584.   Fin qui abbiamo parlato delle relazioni tra l’anima e Dio, sotto la guida del direttore. Ma è chiaro che siamo obbligati ad aver numerose relazioni con molte altre persone, relazioni di famiglia e d’amicizia, relazioni professionali, relazioni d’apostolato. Ebbene tutte possono e devono essere santificate e contribuire a rassodarci nella vita interiore. Per agevolar questa santificazione, esporremo i principii generali che devono regolare queste relazioni, facendone poi l’applicazione alle principali relazioni.

I. Principii generali.

585.   1° Nel disegno primitivo le creature erano destinate a portarci a Dio, ricordandoci ch’egli è l’autore e la causa esemplare di tutte le cose. Ma, dopo la caduta, esse ci attirano in modo che, se non stiamo all’erta, ci distolgono da Dio o almeno ci ritardano il cammino verso di lui. Bisogna quindi reagire contro questa tendenza, e, con lo spirito di fede e di sacrificio, servirci delle persone e delle cose soltanto come mezzi per andare a Dio.

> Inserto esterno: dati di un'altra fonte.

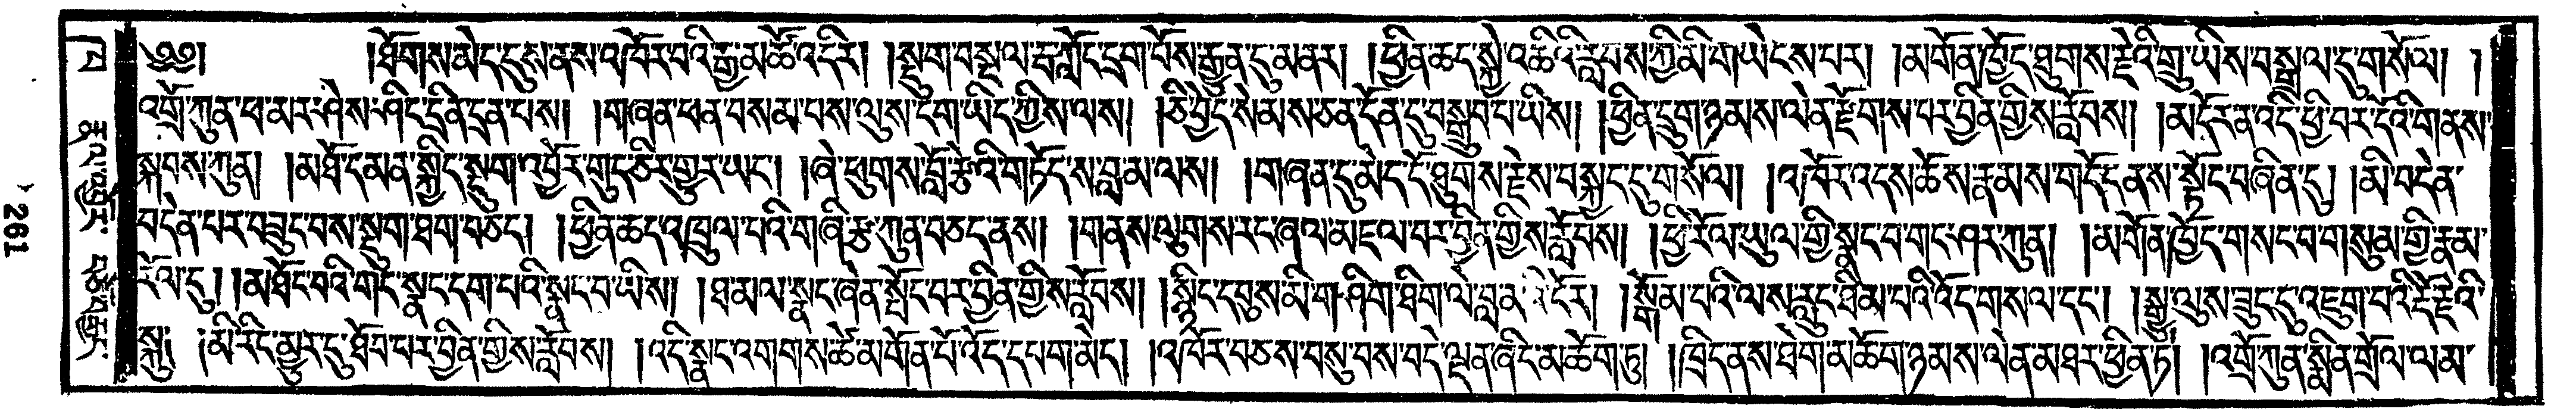༄༅། །ཐོགས་མེད་དུས་ནས་འཁོར་བའི་རྒྱ་མཚོ་འདིར། །སྡུག་བསྔལ་རྦ་ཀློང་དྲག་པོས་རྒྱུན་དུ་མནར། །ཕྱིན་ཆད་སྐྱེ་འཆིའི་རླབས་ཀྱི་མི་གཡེངས་པར། །མགོན་ཁྱོད་ཐུགས་རྗེའི་གྲུ་ཡིས་བསྒྲལ་དུ་གསོལ། །
འགྲོ་ཀུན་ཕ་མར་ཤེས་ཤིང་དྲིན་དྲན་པས། །གཞན་ཕན་བསམ་པས་ལུས་དག་ཡིད་ཀྱིས་ལས། །ཅི་བྱེད་སེམས་ཅན་དོན་དུ་བསྒྲུབ་པ་ཡིས། །ཕྱིན་དྲུག་ཉམས་ལེན་རྫོགས་པར་བྱིན་གྱིས་རློབས། །མདོར་ན་འདི་ཕྱི་བར་དོའི་གནས་
སྐབས་ཀུན། །མཐོ་དམན་སྐྱིད་སྡུག་འབྱོར་གུད་ཅིར་གྱུར་ཡང་། །ཞེ་ཕུགས་བློ་རྩེའི་གཏོད་ས་བླ་མ་ལས། །གཞན་དུ་མེད་དོ་ཐུགས་རྗེས་བསྐྱད་དུ་གསོལ། །འཁོར་འདས་ཆོས་རྣམས་གདོད་ནས་སྟོང་བཞིན་དུ། །མི་བདེན་
བདེན་པར་བཟུང་བས་སྡུག་ཐག་བཅད། །ཕྱིན་ཆད་འཁྲུལ་པའི་གཞི་རྩ་ཀུན་བཅད་ནས། །གནས་ལྕགས་རང་ཞལ་མཇལ་བར་བྱིན་གྱིས་རློབས། །ཕྱི་རོལ་ཡུལ་གྱི་སྣང་བ་གང་ཤར་ཀུན། །མགོན་ཁྱོད་གསང་བ་གསུམ་གྱི་རྣམ་
རོལ་དུ། །མཐོང་བའི་གང་སྣང་དག་པའི་སྣང་བ་ཡིས། །ཐ་མལ་སྣང་ཞེན་སྤོང་བར་བྱིན་གྱིས་རློབས། །སྙིང་དབུས་མི་གཤིག་ཐིག་ལེ་བླ་མའི་ངོར། །སྒོམ་པའི་ལས་རླུང་ཐིམ་པའི་འོད་གསལ་དང་། །སྒྱུ་ལུས་ཟུང་དུ་འཇུག་པའི་རྡོ་རྗེའི་
སྐུ༑ ༑མི་རིང་མྱུར་དུ་ཐོབ་པར་བྱིན་གྱིས་རློབས། །འདི་སྣང་འགགས་ཚེ་མགོན་པོ་འོད་དཔག་མེད། །འཁོར་བཅས་བསུ་བས་བདེ་ལྡན་ཞིང་མཆོག་ཏུ། །ཁྲིད་ནས་ཐེག་མཆོག་ཉམས་ལེན་མཐར་ཕྱིན་ཏེ། །འགྲོ་ཀུན་སྨིན་གྲོལ་ལམ་

586.   2° Ora, tra le relazioni che abbiamo con le persone, ve ne sono delle volute da Dio, come le relazioni domestiche o quelle richieste dai doveri del nostro stato. Tali relazioni devono essere mantenute e rese soprannaturali. Infatti non si diventa liberi da questi doveri pel fatto che si aspira alla perfezione; si è invece obbligati a compirli in modo più perfetto degli altri. Bisogna però renderle soprannaturali riconducendole al nostro ultimo fine che è Dio. Il mezzo migliore per farlo sta nel considerar le persone con cui siamo in relazione, come figli di Dio, fratelli in Gesù Cristo, rispettarle e amarle in quanto possedono doti che sono un riflesso delle perfezioni di Dio, e sono destinate a parteciparne la vita e la gloria. Così in esse consideriamo e amiamo Dio.

587.   3° Vi sono invece relazioni pericolose o cattive che tendono a farci cadere in peccato o col destare in noi lo spirito mondano, o coll’attaccarci alle creature per via del piacere sensibile o sensuale che proviamo in loro compagnia e al quale siamo esposti a consentire. Fuggire, per quanto è possibile, queste occasioni è cosa obbligatoria e, se non si può evitar l’occasione, è dovere l’allontanarla moralmente, rafforzando la volontà contro l’affetto disordinato a tali persone. Chi opera altrimenti, compromette la propria santificazione e la propria salute; perchè chi ama il pericolo in esso perisce: “Qui amat periculum, in illo peribit” 587-1. Quanto più dunque si vuol essere perfetti, tanto più si deve fuggire le occasioni pericolose, come spiegheremo più tardi parlando della fede, della carità e delle altre virtù.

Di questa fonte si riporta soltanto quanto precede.